# My dog during the blizzard



## Jinxter (Jan 24, 2010)

Every morning when I get up I take my dog out to the back so he can do his morning business. I had to take him out last Tuesday during the blizzard. It wasn't as bad as I thought it would be out there. He has played in the snow before and he loves it. Every time I take him out he acts like it's his first time he has ever seen snow. If we didn't have Jinx with us this whole blizzard would have been so boring. He just knows how to make us laugh even if our heater breaks during this weather or our pipes freeze. 
I hope you enjoy this video of him durring the blizzard. 
The link is right below this sentence.
>>>>



 <<<<<<


----------



## Cathy's Gunner (Dec 4, 2008)

Jinx got a good case of the "zoomies" during that blizzard. Funny and cute video. Loved it. Thanks for sharing.


----------



## janine (Aug 8, 2009)

Jinx doesn't look like the cold was bugging him one bit. Love the yellow snow


----------



## lovemydoggiesx2 (Sep 5, 2010)

So cute...at first he was testing it a little and then zoomed....I wish we had snow...its been getting warmer every day here and we have been 70´s for the past week...=(


----------



## Ninde'Gold (Oct 21, 2006)

Brrr! I got cold just watching this!
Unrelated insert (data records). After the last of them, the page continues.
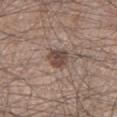Case summary:
* notes — imaged on a skin check; not biopsied
* lesion diameter — about 3 mm
* patient — male, in their mid-40s
* imaging modality — ~15 mm tile from a whole-body skin photo
* site — the left lower leg
* tile lighting — white-light
* automated metrics — a lesion area of about 5.5 mm², a shape eccentricity near 0.5, and a symmetry-axis asymmetry near 0.25; a border-irregularity rating of about 2/10, a color-variation rating of about 3.5/10, and a peripheral color-asymmetry measure near 1
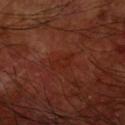Acquisition and patient details: A 15 mm close-up extracted from a 3D total-body photography capture. A male patient approximately 60 years of age. Approximately 3 mm at its widest. Automated tile analysis of the lesion measured a lesion color around L≈25 a*≈26 b*≈28 in CIELAB and a lesion-to-skin contrast of about 5 (normalized; higher = more distinct). The analysis additionally found a border-irregularity rating of about 4/10, a within-lesion color-variation index near 1.5/10, and a peripheral color-asymmetry measure near 0.5. The software also gave a nevus-likeness score of about 0/100 and a lesion-detection confidence of about 95/100. The lesion is located on the right upper arm.
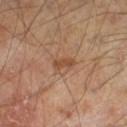Assessment:
Imaged during a routine full-body skin examination; the lesion was not biopsied and no histopathology is available.
Context:
The recorded lesion diameter is about 3 mm. The lesion is on the left lower leg. A male patient, about 65 years old. Cropped from a whole-body photographic skin survey; the tile spans about 15 mm.
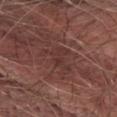follow-up = imaged on a skin check; not biopsied | body site = the abdomen | subject = male, aged approximately 75 | image = total-body-photography crop, ~15 mm field of view | diameter = ≈4.5 mm.
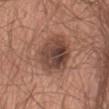Impression: The lesion was photographed on a routine skin check and not biopsied; there is no pathology result. Background: A 15 mm close-up extracted from a 3D total-body photography capture. Approximately 6 mm at its widest. This is a white-light tile. The lesion is located on the abdomen. A male subject, approximately 65 years of age.
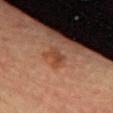Imaged during a routine full-body skin examination; the lesion was not biopsied and no histopathology is available. A 15 mm close-up tile from a total-body photography series done for melanoma screening. The tile uses cross-polarized illumination. A female subject, aged approximately 65. The lesion-visualizer software estimated an area of roughly 3.5 mm² and a shape eccentricity near 0.8. Approximately 2.5 mm at its widest. The lesion is on the chest.
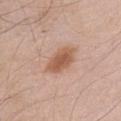Part of a total-body skin-imaging series; this lesion was reviewed on a skin check and was not flagged for biopsy.
Imaged with white-light lighting.
A male patient, aged 43 to 47.
Longest diameter approximately 4.5 mm.
Located on the chest.
This image is a 15 mm lesion crop taken from a total-body photograph.
The total-body-photography lesion software estimated a footprint of about 9 mm², an outline eccentricity of about 0.85 (0 = round, 1 = elongated), and a symmetry-axis asymmetry near 0.2. It also reported a lesion color around L≈57 a*≈21 b*≈31 in CIELAB, a lesion–skin lightness drop of about 11, and a normalized lesion–skin contrast near 8.
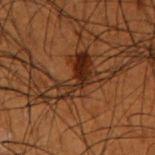Part of a total-body skin-imaging series; this lesion was reviewed on a skin check and was not flagged for biopsy. An algorithmic analysis of the crop reported a lesion color around L≈23 a*≈17 b*≈24 in CIELAB and a normalized border contrast of about 9. It also reported border irregularity of about 9 on a 0–10 scale, a color-variation rating of about 8.5/10, and radial color variation of about 3. The analysis additionally found an automated nevus-likeness rating near 100 out of 100 and a detector confidence of about 65 out of 100 that the crop contains a lesion. The recorded lesion diameter is about 7.5 mm. The patient is a male aged approximately 50. A close-up tile cropped from a whole-body skin photograph, about 15 mm across. On the left forearm.
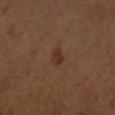Impression: Recorded during total-body skin imaging; not selected for excision or biopsy. Context: Cropped from a whole-body photographic skin survey; the tile spans about 15 mm. The lesion's longest dimension is about 2.5 mm. A female subject, about 55 years old. This is a cross-polarized tile. On the right forearm.
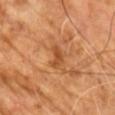This lesion was catalogued during total-body skin photography and was not selected for biopsy. Cropped from a total-body skin-imaging series; the visible field is about 15 mm. From the chest. The recorded lesion diameter is about 3 mm. A male subject, aged 68–72.
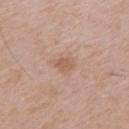The lesion was photographed on a routine skin check and not biopsied; there is no pathology result.
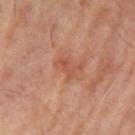Clinical impression: Captured during whole-body skin photography for melanoma surveillance; the lesion was not biopsied. Acquisition and patient details: A male patient, roughly 65 years of age. On the left upper arm. An algorithmic analysis of the crop reported an area of roughly 2 mm², an outline eccentricity of about 0.95 (0 = round, 1 = elongated), and a shape-asymmetry score of about 0.5 (0 = symmetric). And it measured a mean CIELAB color near L≈49 a*≈26 b*≈32, roughly 7 lightness units darker than nearby skin, and a lesion-to-skin contrast of about 5.5 (normalized; higher = more distinct). The software also gave a border-irregularity index near 6.5/10, a color-variation rating of about 0/10, and radial color variation of about 0. Cropped from a total-body skin-imaging series; the visible field is about 15 mm. The tile uses cross-polarized illumination. Longest diameter approximately 2.5 mm.

LOL

looks like your dog loves it!


----------



## Karen519 (Aug 21, 2006)

*Jinx*

Yes, Jinx definitely loves the snow and I never get tired of watching my dogs LOVING THE SNOW. Tucker and Tonka always act like it's the VERY FIRST TIME they've seen the snow, too!


----------



## Jinxter (Jan 24, 2010)

Thank you all for commenting. Sorry I had forgotten to edit out that yellow snow =/
Jinx absolutly loves the snow. I love him so much. He always makes my day. Thank you all for watching. =)


----------